Plaintiff replied that on prompt payment of one-half of the bill it would extend the balance to December 20th. December 1st defendant wrote as follows:

“If you had rather that I would ship the goods back than to extend the time, please let me hear from you by return mail, and back comes the goods.”

December 3d plaintiff replied, declining to permit return of the goods.

Defendant testified that she wrote to plaintiff December 14th:

“ I wrote them that there had been some rubbers returned, and if I didn’t hear from them that week I should return the balance.
“Q. Is that all that the letter contained, Mrs. Curtis?
“A. As near as I can remember.
“Q. That was all that you can remember that this letter contained ?
“A. Yes, sir.
“Q. Did you write to them on any other occasion, Mrs. Curtis, with reference to the condition of these rubbers, of what was the matter of the rubbers ?
“A. That they being broke they were returned; that they were not satisfactory.
“Q. When did you write that ?
“A. I wrote that in the letter of the 14th; that they had been returned not satisfactory.
Q. Did you receive any reply to that letter of the 14th ?
“A. Not until I received the telegram.
“Q. After the time you wrote that letter of December 14th, did you do anything with these goods ?
“Á. I kept them until the 21st, and shipped them back.”

Plaintiff’s manager testified that no such letter was ever received by plaintiff. December 23d defendant wrote to plaintiff, inclosing draft to amount of goods sold, $56.79, saying:

“ Now as you could not wait the time asked I have sent you back the rubbers not sold. This will save you time and expense.”

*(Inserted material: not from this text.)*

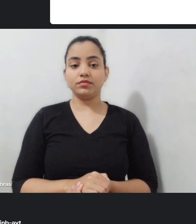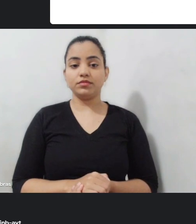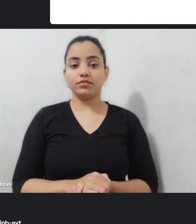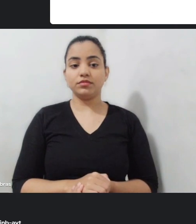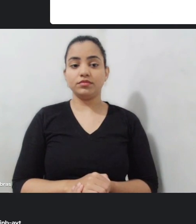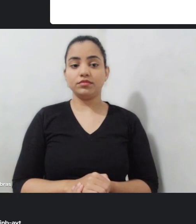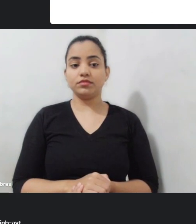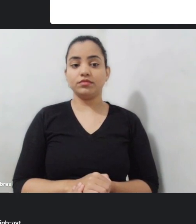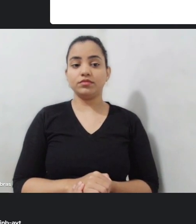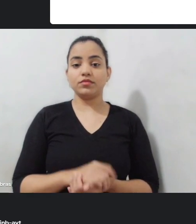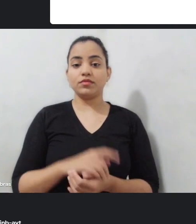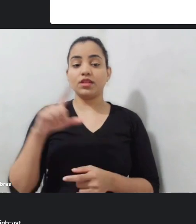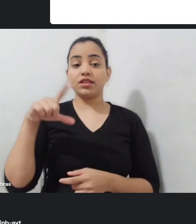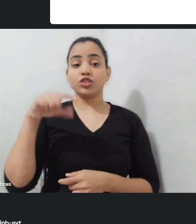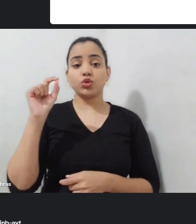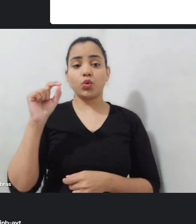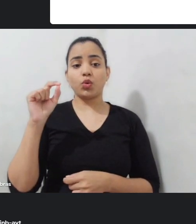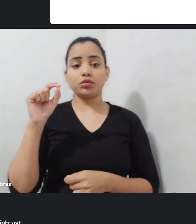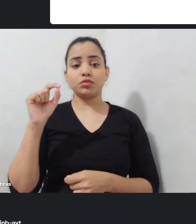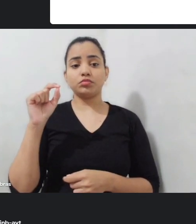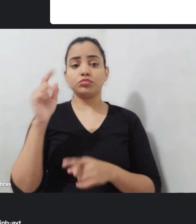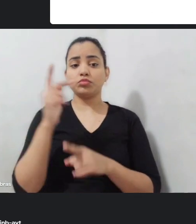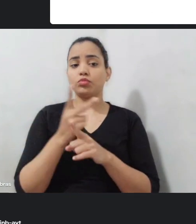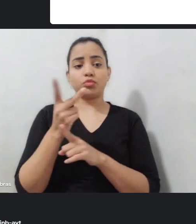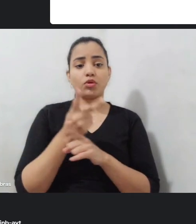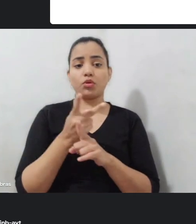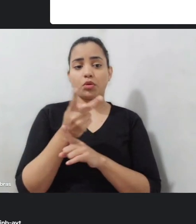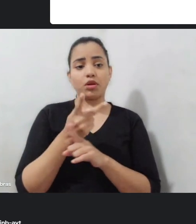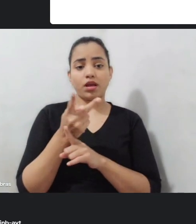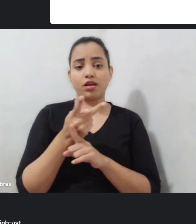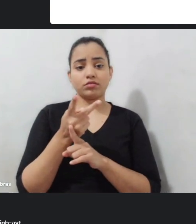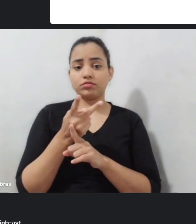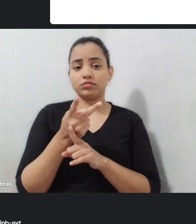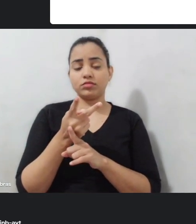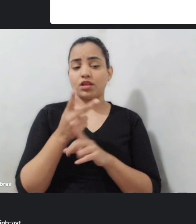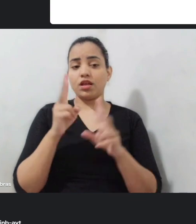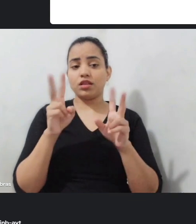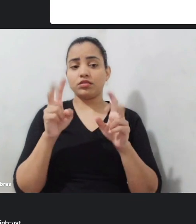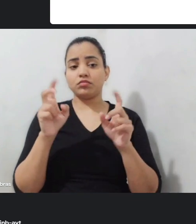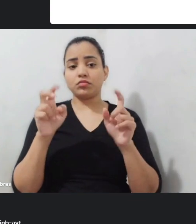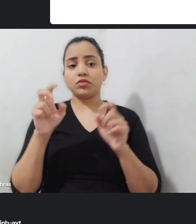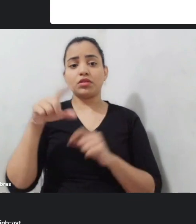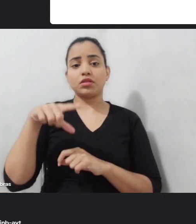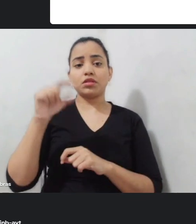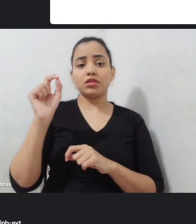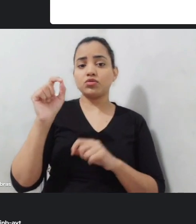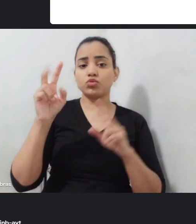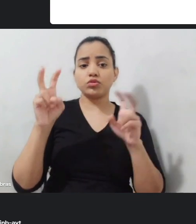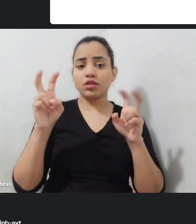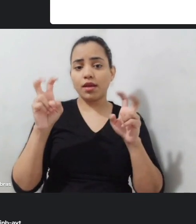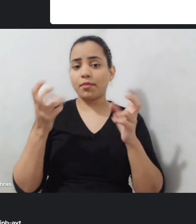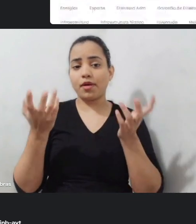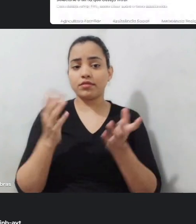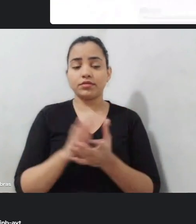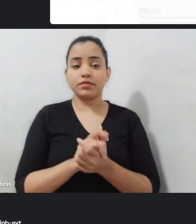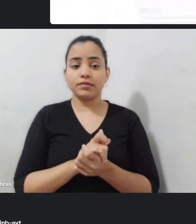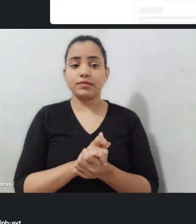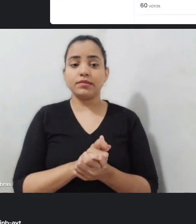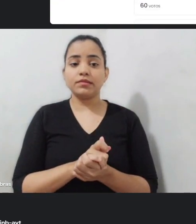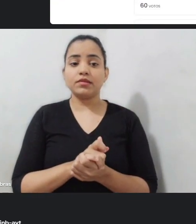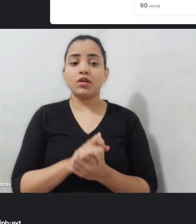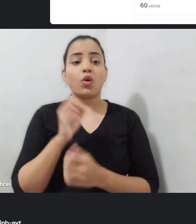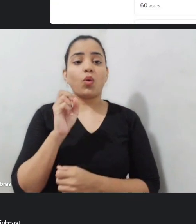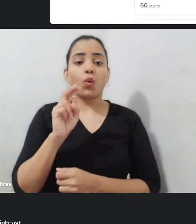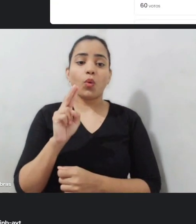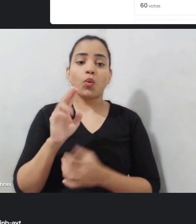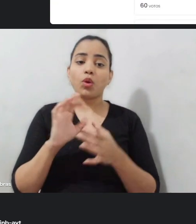Você pode colocar, buscar por alguma coisa específica, algum assunto específico, ou deixar

Defendant secured verdict and judgment in her favor, and plaintiff brings the record to this court for review.

The assignments of error are as follows:

First. The court erred in overruling the plaintiff’s motion for a directed verdict in its behalf, for the reason that the defendant was limited to the cause of complaint stated in her letters, and that, such cause of complaint not being sufficient in law to warrant a refusal to accept the goods, plaintiff was entitled to recover the contract price.
Second. Intemperate language of defendant’s counsel in his argument to the jury.

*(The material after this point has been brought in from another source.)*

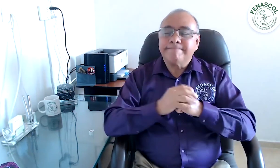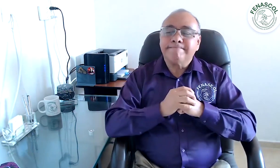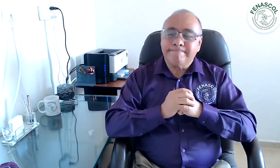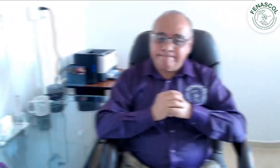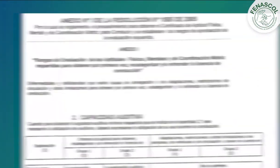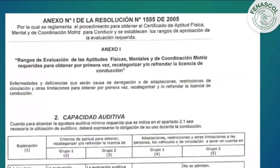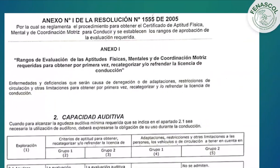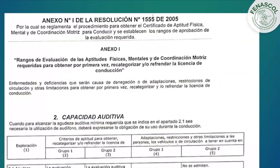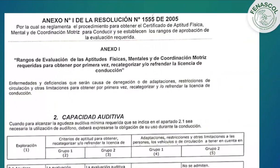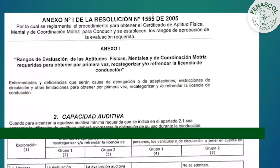pueden conducir.

Counsel for plaintiff rely upon Providence Jewelry Co. v. Bailey, 159 Mich. 285 (123 N. W. 1117), as decisive of this case in favor of plaintiff. The cases are not parallel. In the Jewelry Case, the plaintiff was entitled to recover by the very terms of the contract, unless the defendant could invalidate the contract upon the ground of fraud. In the present case, by the terms of the contract as testified to by defendant, she had a right to return the goods if unsatisfactory to her. According to her testimony and according to the letter itself, she had not sold any of the rubbers at the time she wrote her first letter, asking for an extension of time. None of the rubbers had been returned when she wrote the second letter, and she testifies that two days after the return of the rubbers she wrote to plaintiff that rubbers had been returned broken and unsatisfactory, and if she didn’t hear from them that week she should return the balance; and she testifies that she did ship them back on December 21st, notifying them thereof by her letter of December 23d.

Plaintiff’s manager testified that the sales agent had authority to make the agreement as testified to by defendant, and she had a right to assume that plaintiff knew what the terms of the contract were. Her letter of December 14th is susceptible of the interpretation, in connection with her prior letters, that, although the rubbers had proved to be unsatisfactory, she would retain them if the plaintiff, within the week, would extend the time of payment. We think the trial judge properly declined to hold, under such circumstances, that defendant could not insist upon the defense urged by her.

The second assignment is without foundation.

The judgment is affirmed.

Ostrander, O. J., and Steers, McAlvay, and Stone, JJ., concurred.